§ PROBLEM STATEMENT: Every line from the one holding "9.0 s after image 1." to the end of the entries should be repeated exactly, with the pictures left out.

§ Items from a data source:
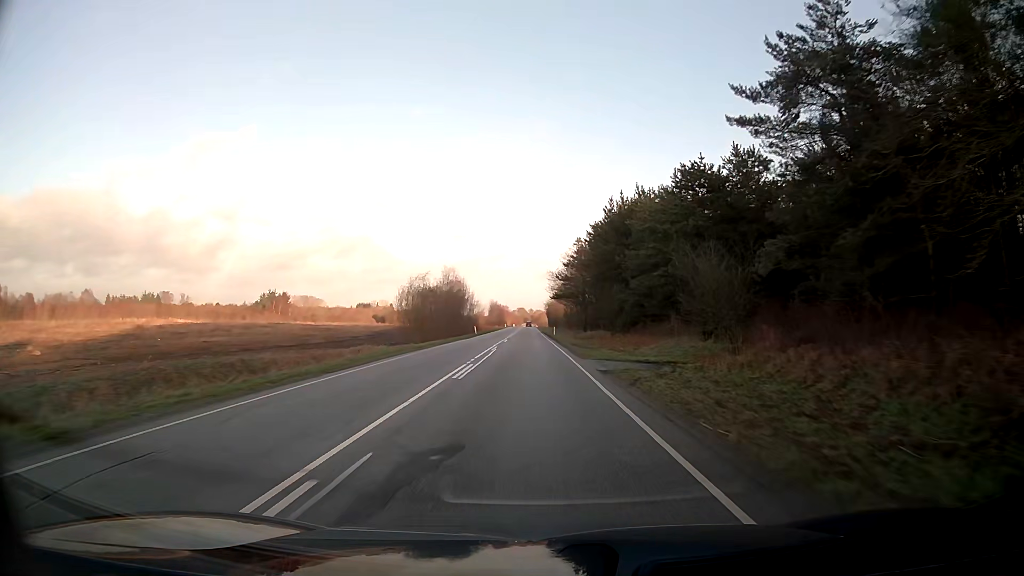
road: secondary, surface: asphalt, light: Day
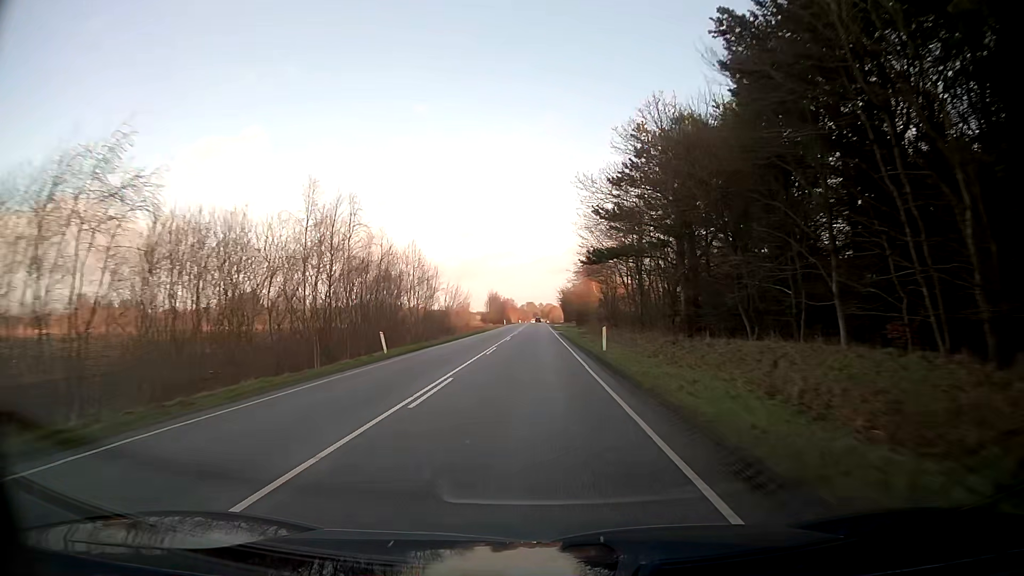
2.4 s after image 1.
(-0.4, +51.0) m; -1°
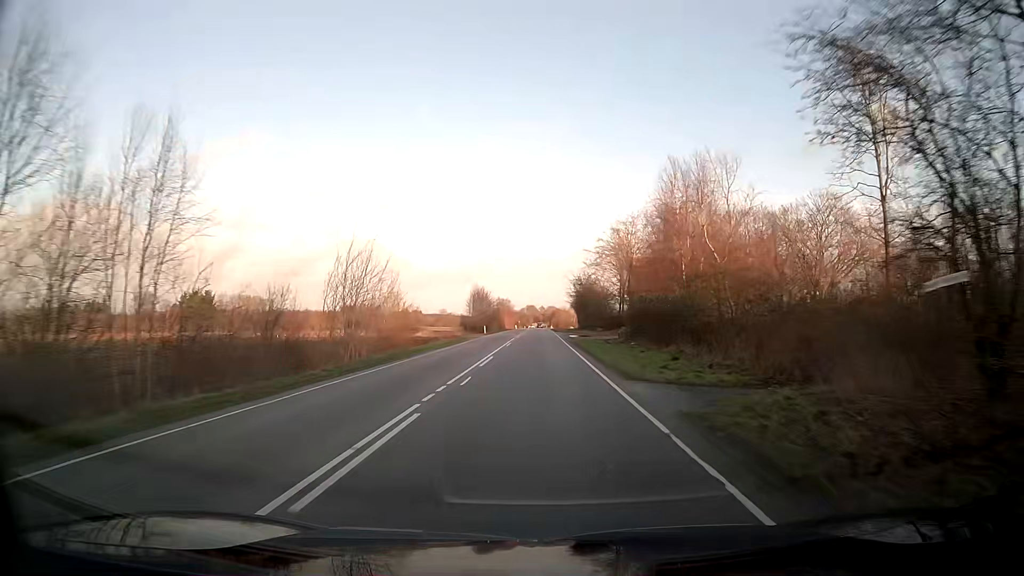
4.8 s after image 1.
(-0.2, +50.9) m; 0°
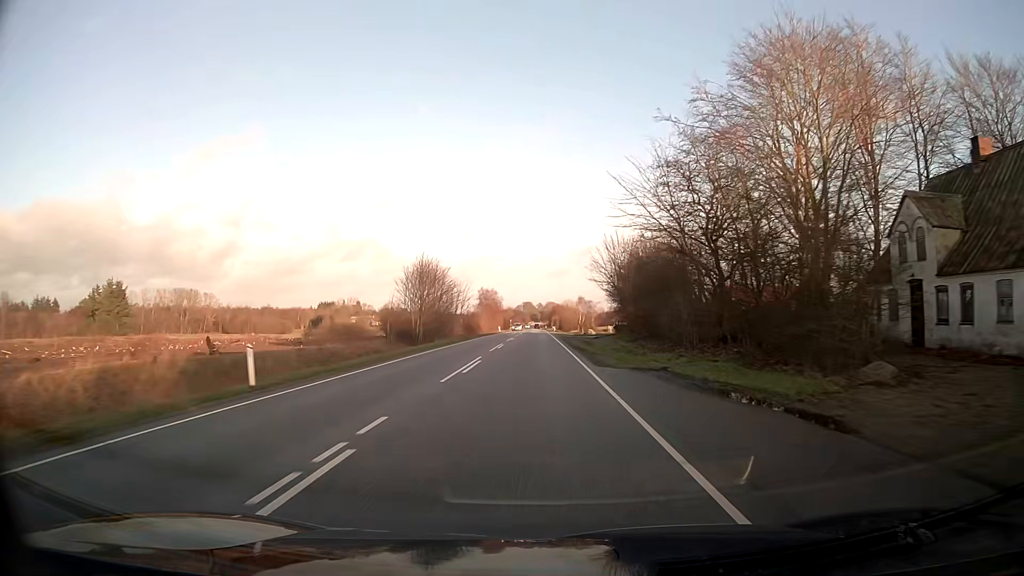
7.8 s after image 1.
(+0.5, +63.4) m; 0°
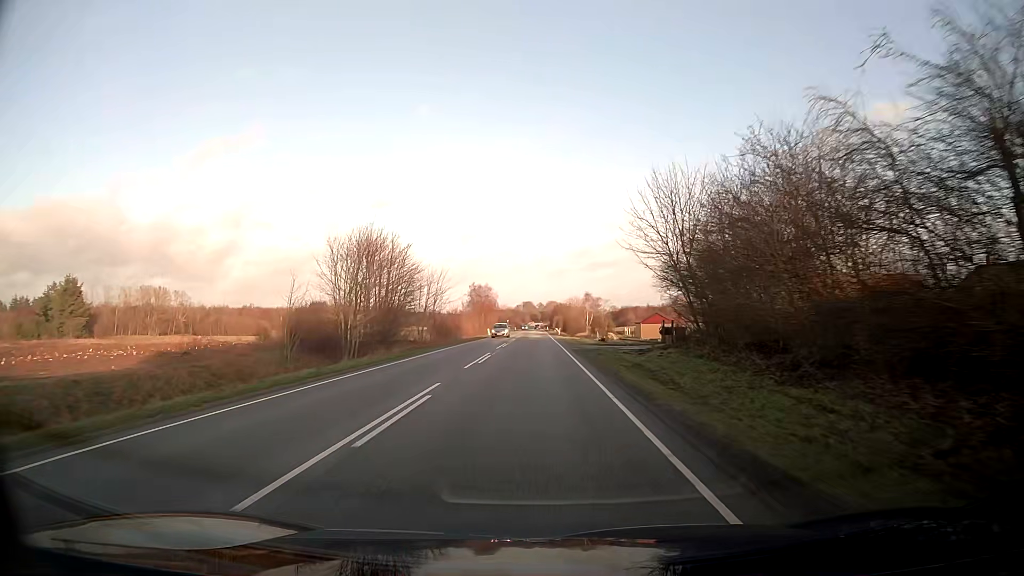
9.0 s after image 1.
(+0.1, +25.4) m; 0°
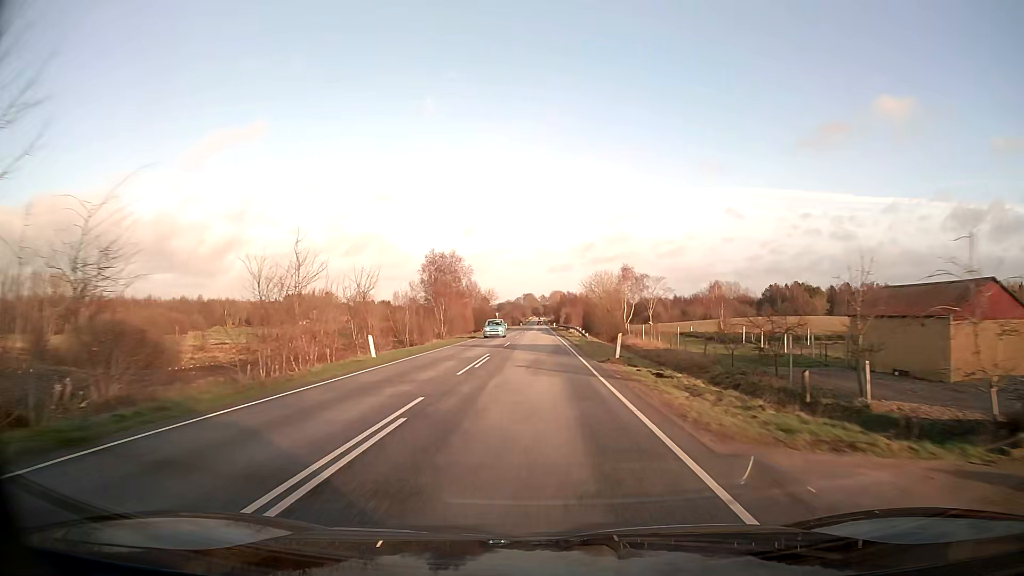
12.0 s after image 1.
(-0.1, +63.6) m; 0°
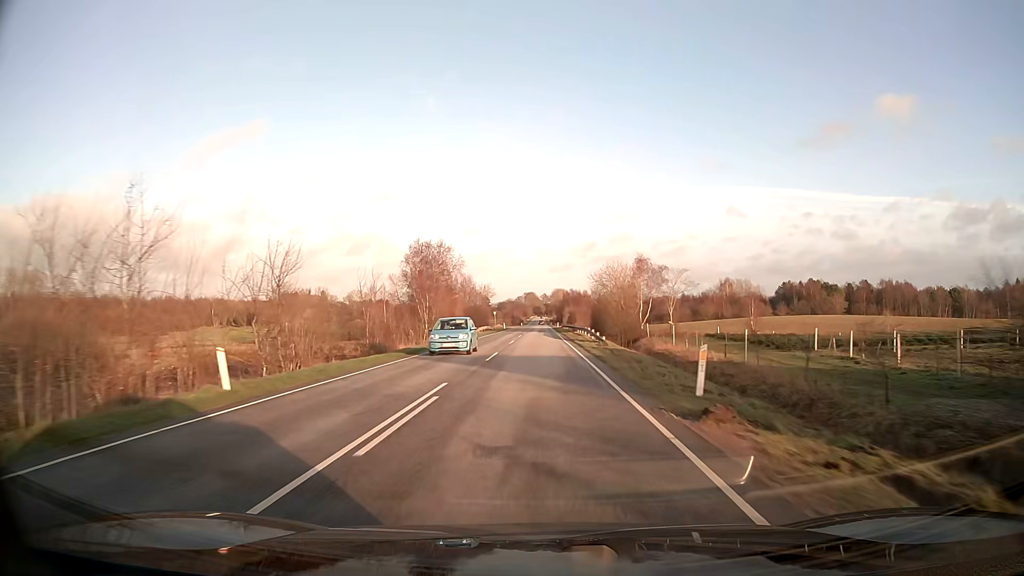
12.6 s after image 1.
(0.0, +12.8) m; 0°
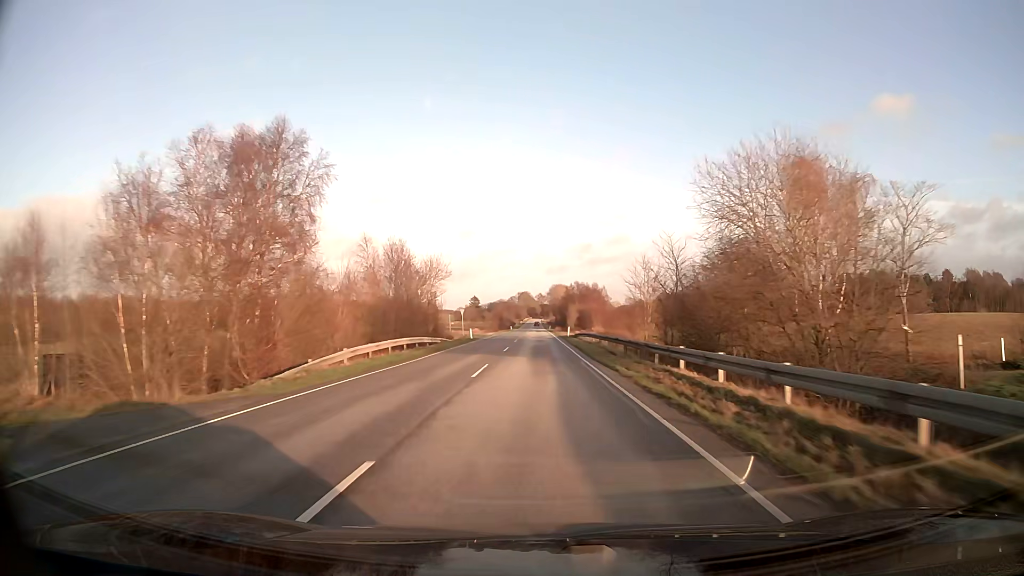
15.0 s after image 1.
(+0.1, +51.0) m; 0°
(0, +10) (0, +20) (0, +30) (0, +40) (0, +50) (0, +60) (0, +70) (0, +80) (0, +90) (0, +100) m

§ FINAL ANSWER:
9.0 s after image 1.
(+0.1, +25.4) m; 0°
12.0 s after image 1.
(-0.1, +63.6) m; 0°
12.6 s after image 1.
(0.0, +12.8) m; 0°
15.0 s after image 1.
(+0.1, +51.0) m; 0°
(0, +10) (0, +20) (0, +30) (0, +40) (0, +50) (0, +60) (0, +70) (0, +80) (0, +90) (0, +100) m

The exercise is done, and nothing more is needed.